I, too, remained wary around them. Some phobias aren’t susceptible to logic. I could cope with one dog at a time but the four en masse still alarmed me. It was clear they missed Bertie. Outside, they patrolled their wire enclosure looking for him, and, inside, sat by doors, watching for his return. Jess said they’d do it for a month before they forgot him, but Bagley didn’t believe her.

“They’re not waiting for the other dog to return,” he told me one morning, “they’re trying to get out.” He was standing behind me, reading what was on my computer screen, a complicated paragraph on post-traumatic stress statistics. “You haven’t got very far with that, Ms. Burns. You’ve only added one sentence since last night.”

I clicked “save” and pushed my chair back, narrowly missing his foot. “It would go a lot faster if you didn’t keep coming in and breaking my train of thought,” I told him mildly. “Can’t you ring the doorbell once in a while? At least give me a chance to pretend I’m out.”

“You said I could walk in whenever I felt like it.”

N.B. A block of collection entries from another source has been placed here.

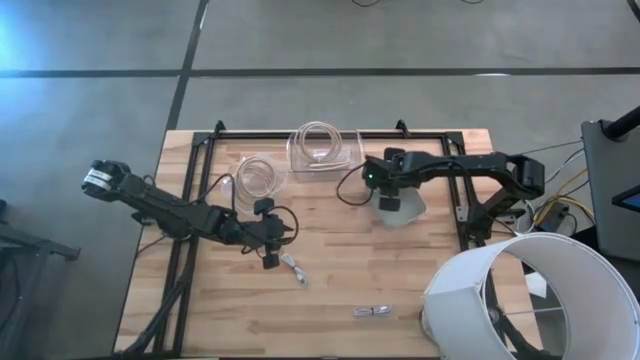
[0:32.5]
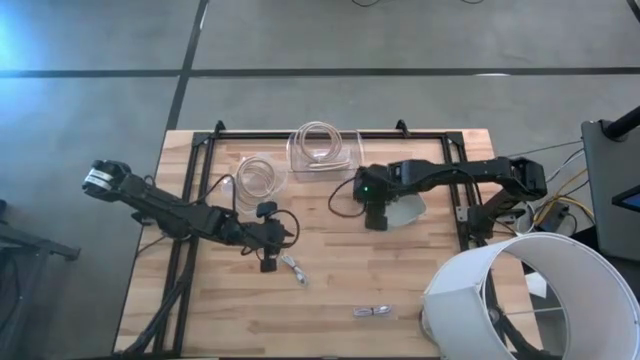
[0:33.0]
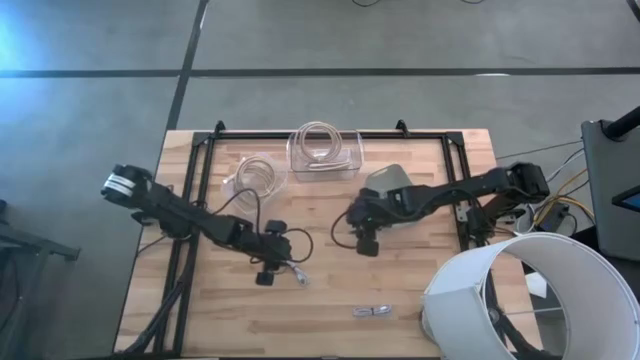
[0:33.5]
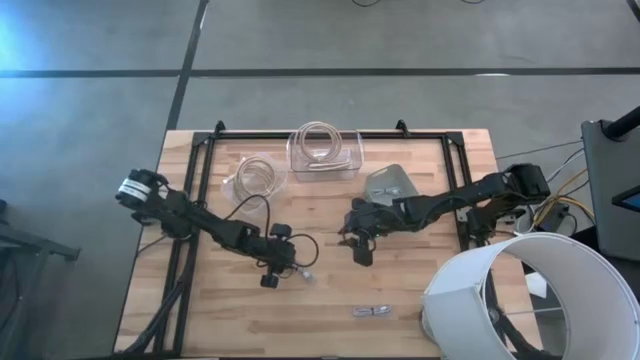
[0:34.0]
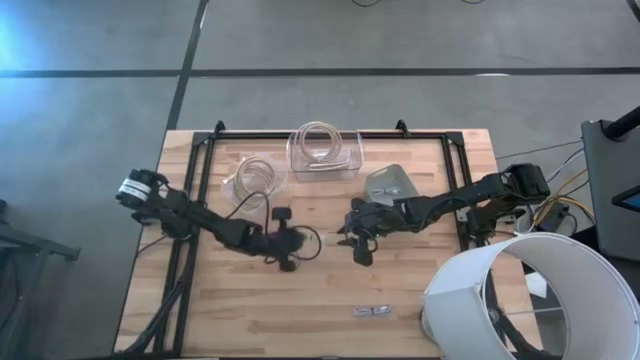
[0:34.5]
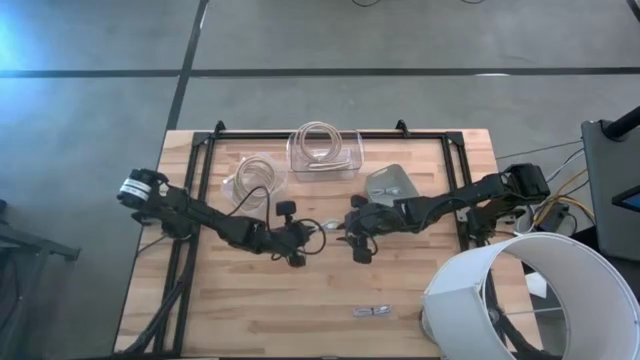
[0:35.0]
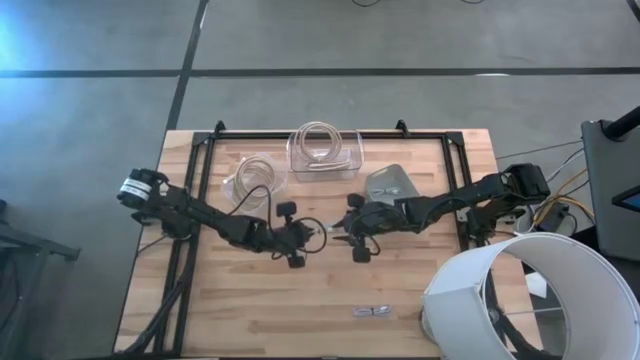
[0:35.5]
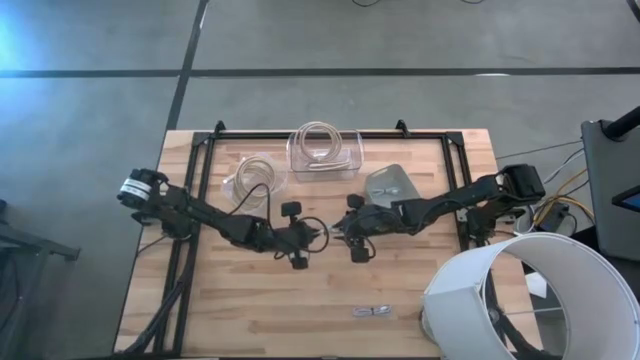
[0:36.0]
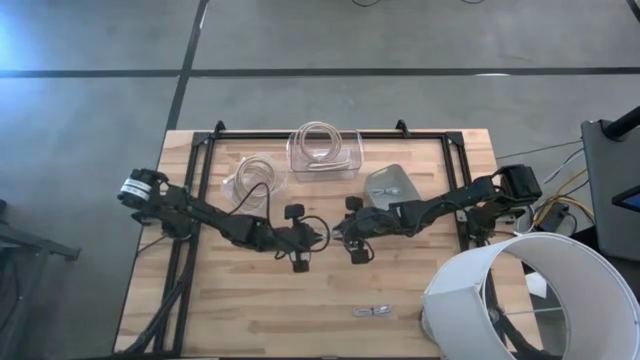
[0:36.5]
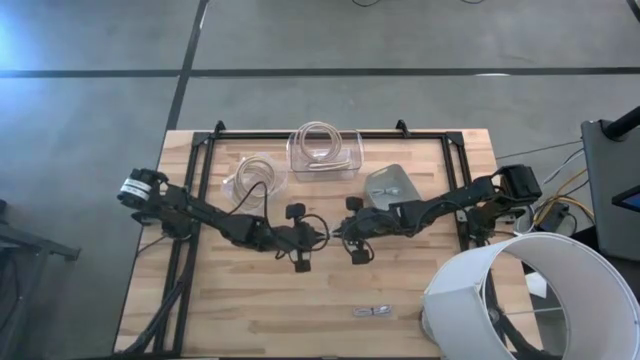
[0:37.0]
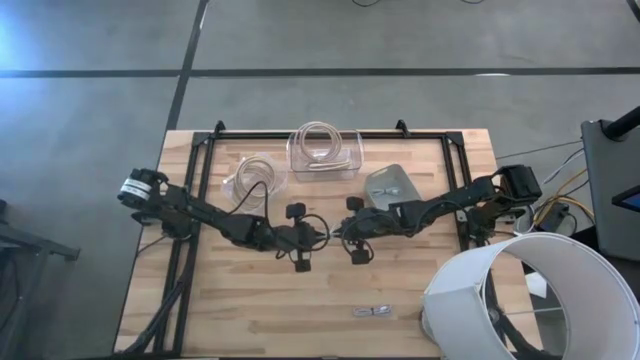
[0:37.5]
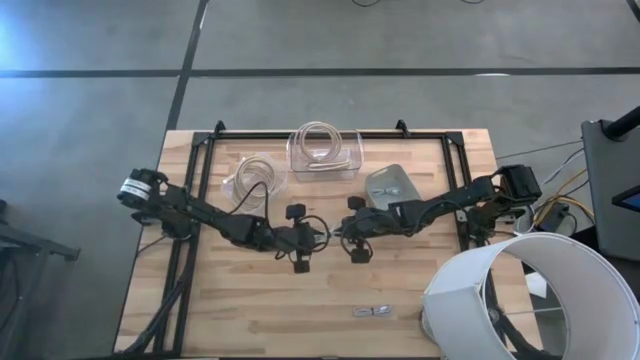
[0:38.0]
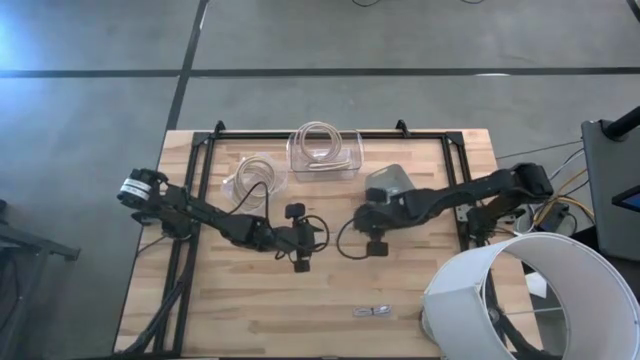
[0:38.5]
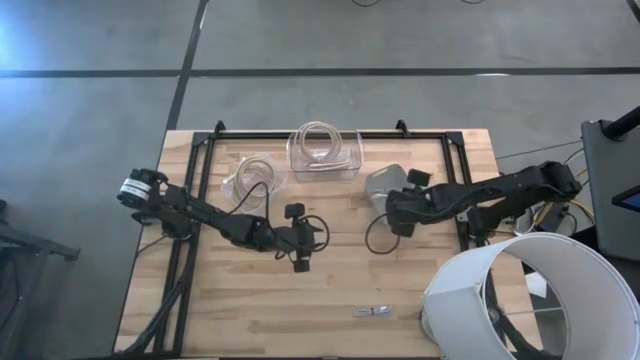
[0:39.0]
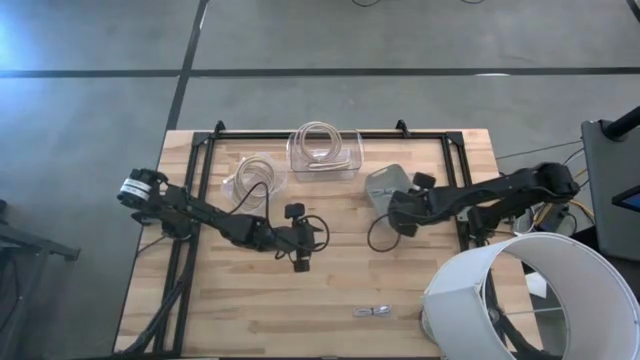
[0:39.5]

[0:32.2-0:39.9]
Task: Pick & Place USB Port
Put the white USB cable into the gray bin

“I wasn’t expecting you to take up residence here.”

“Then shut your back door, Ms. Burns. It’s an open invitation to anyone to enter.” He offered me a cigarette. “After what happened, I’m surprised you’re so unconcerned about unwanted visitors.”

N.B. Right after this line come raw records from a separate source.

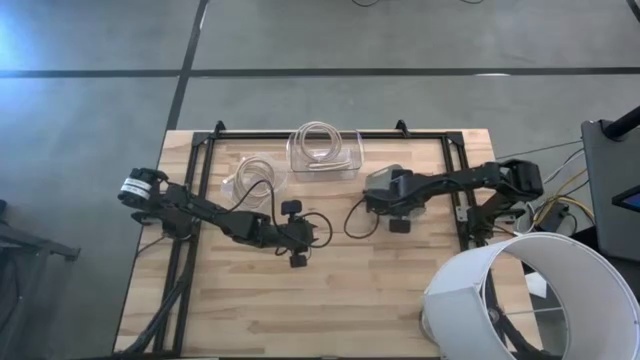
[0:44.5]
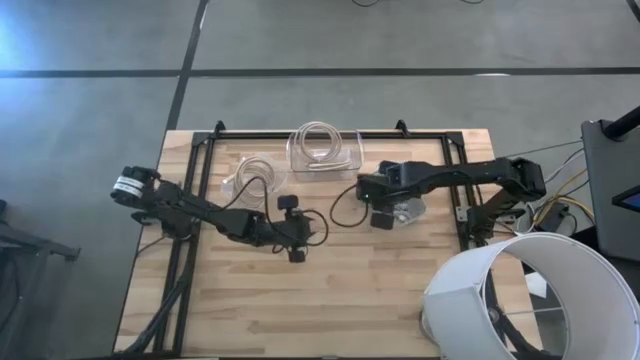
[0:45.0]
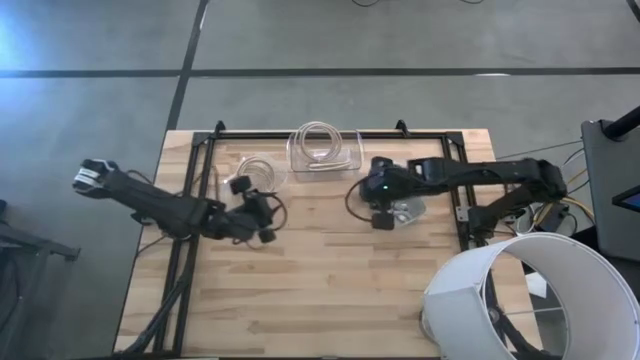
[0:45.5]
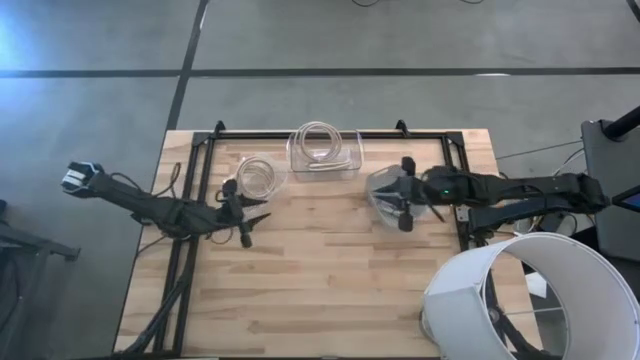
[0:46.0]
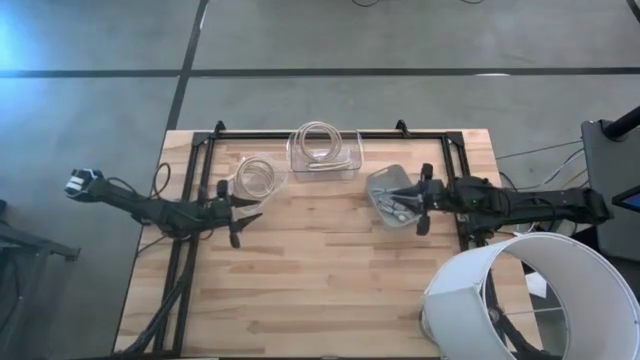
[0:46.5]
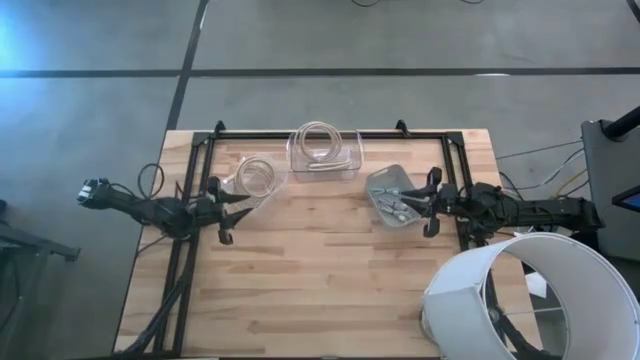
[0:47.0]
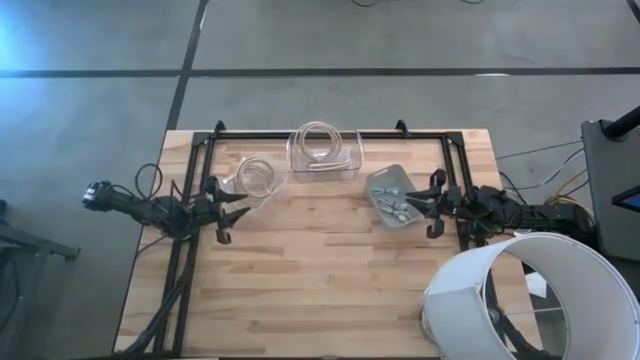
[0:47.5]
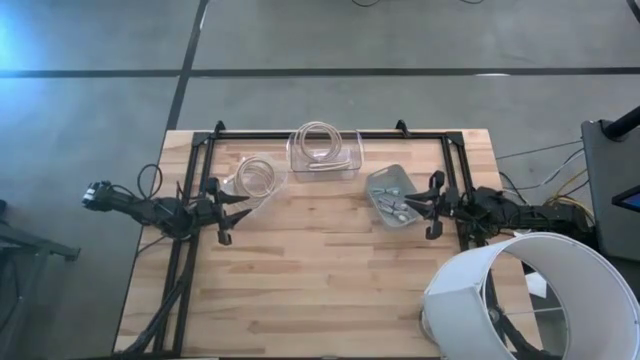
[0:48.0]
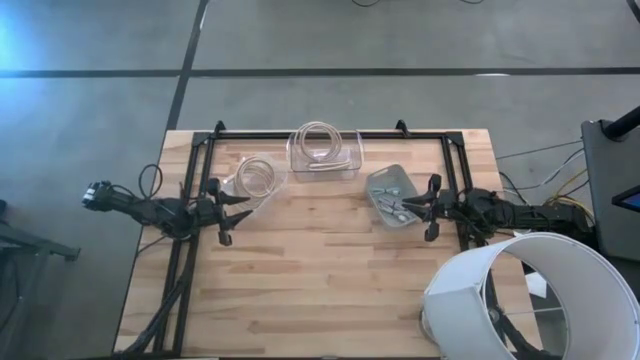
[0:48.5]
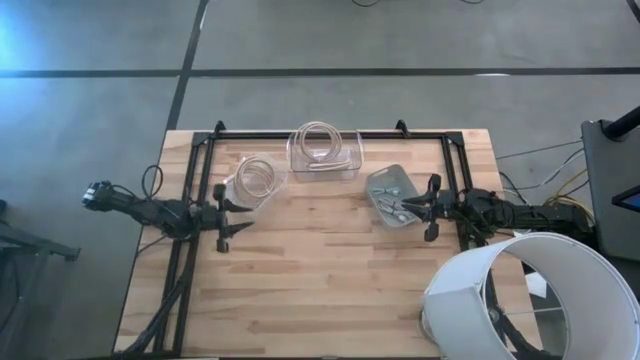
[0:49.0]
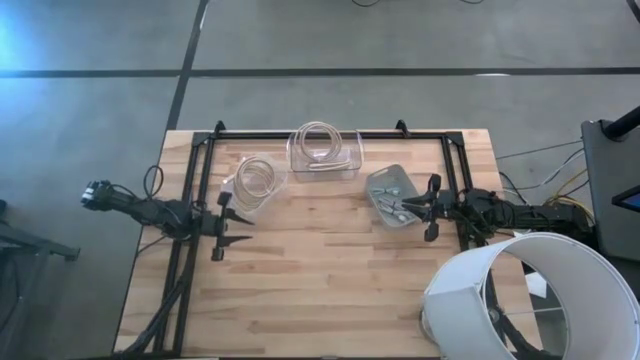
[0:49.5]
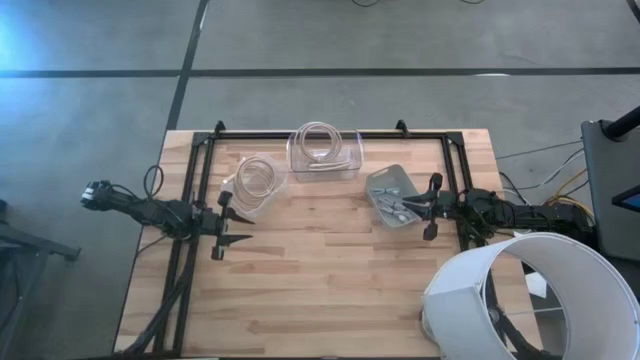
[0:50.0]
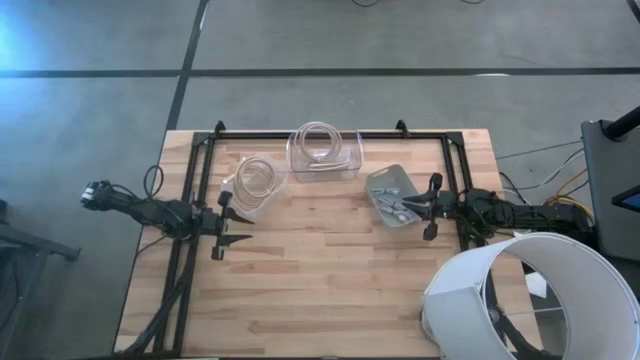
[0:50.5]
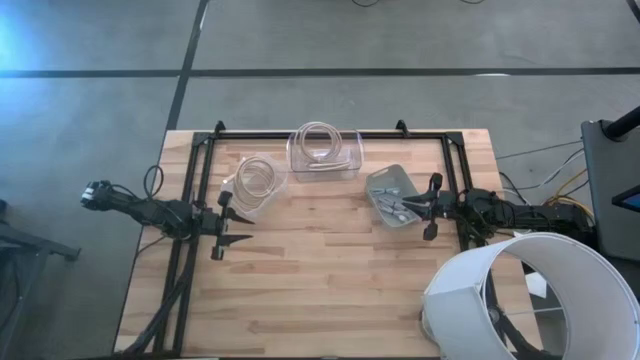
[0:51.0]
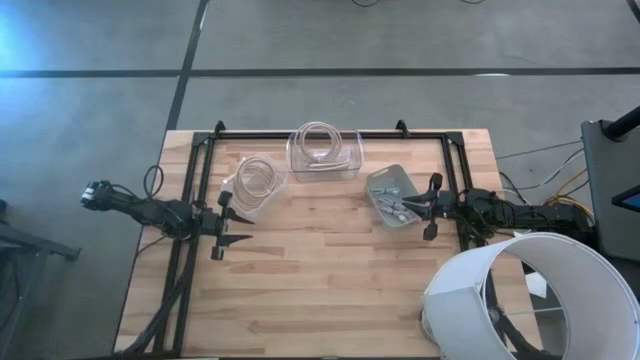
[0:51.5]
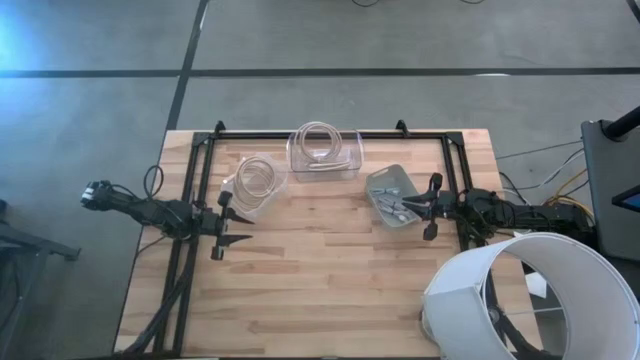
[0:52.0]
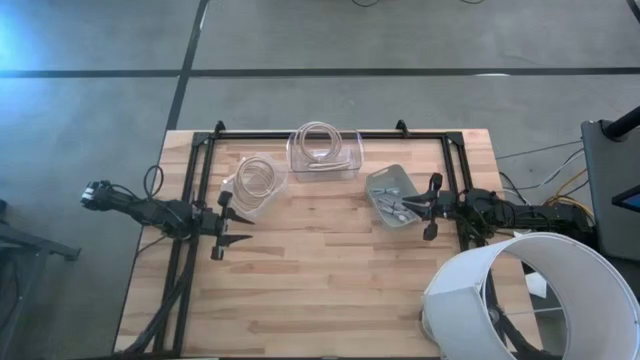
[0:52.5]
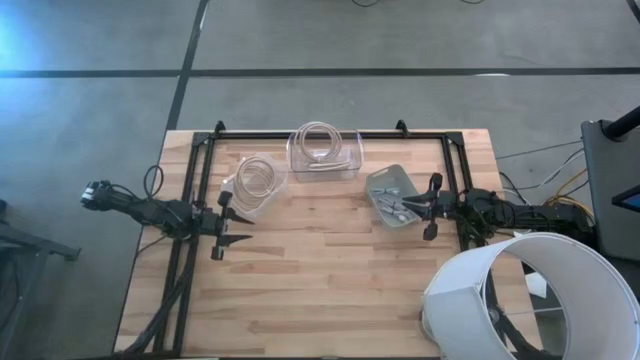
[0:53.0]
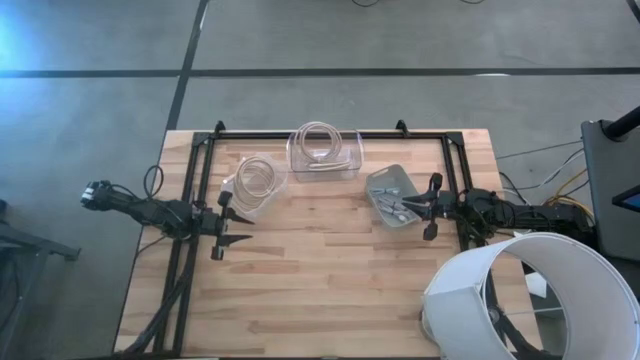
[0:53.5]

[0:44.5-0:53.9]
Return to Home Position

It was a variation on a question he’d asked a hundred times already. I accepted a light. “I’m not unconcerned,” I answered patiently, “but the alternative is to turn this place into a prison. Is that what you want me to do? I thought modern policing was all about persuading victims to get back to normal as fast as possible.”

“But this isn’t normality for you, Ms. Burns. Normality was checking the locks on the doors and windows every two hours.”

“And a fat lot of good it did me,” I pointed out. “It raised my stress levels, and MacKenzie got in anyway.” I fingered the panic alarm round my neck. “In any case, I now have this. It’s given me confidence that the cavalry will turn up…which was the intention, wasn’t it?”

He smiled rather sourly as he dropped into the armchair beside the desk. “Indeed, but I suspect it’s a waste of taxpayers’ money. Are you ever going to use it? Ms. Derbyshire refuses to wear hers.”

“There’s no point when she’s out in the fields. It needs a landline or a telephone signal to work.”

He cast his usual glance around the office as if something would suddenly show itself to him. “I had a word with Alan Collins last night. He said you’re too clever for me, and I might as well give up now. He also said he won’t be shedding any tears if MacKenzie’s never heard of again. If anyone deserves what he gets, it’s your attacker.”

I doubted Alan had said anything so crass, particularly to an opposite number in a different county. “Really?” I asked in surprise. “I’ve always thought of him as such a stickler for the rule of law. I can’t imagine him ever going on record with favourable views about summary justice and vigilantism.”

“It wasn’t on record,” Bagley said. “It was a private conversation.”

“Still…will he repeat those remarks to me, do you think? I like the one about my being too clever for you. If I were to broaden that out into a general piece, contrasting IQ levels among the police with those of prison inmates-” I raised an eyebrow. “What do you think?”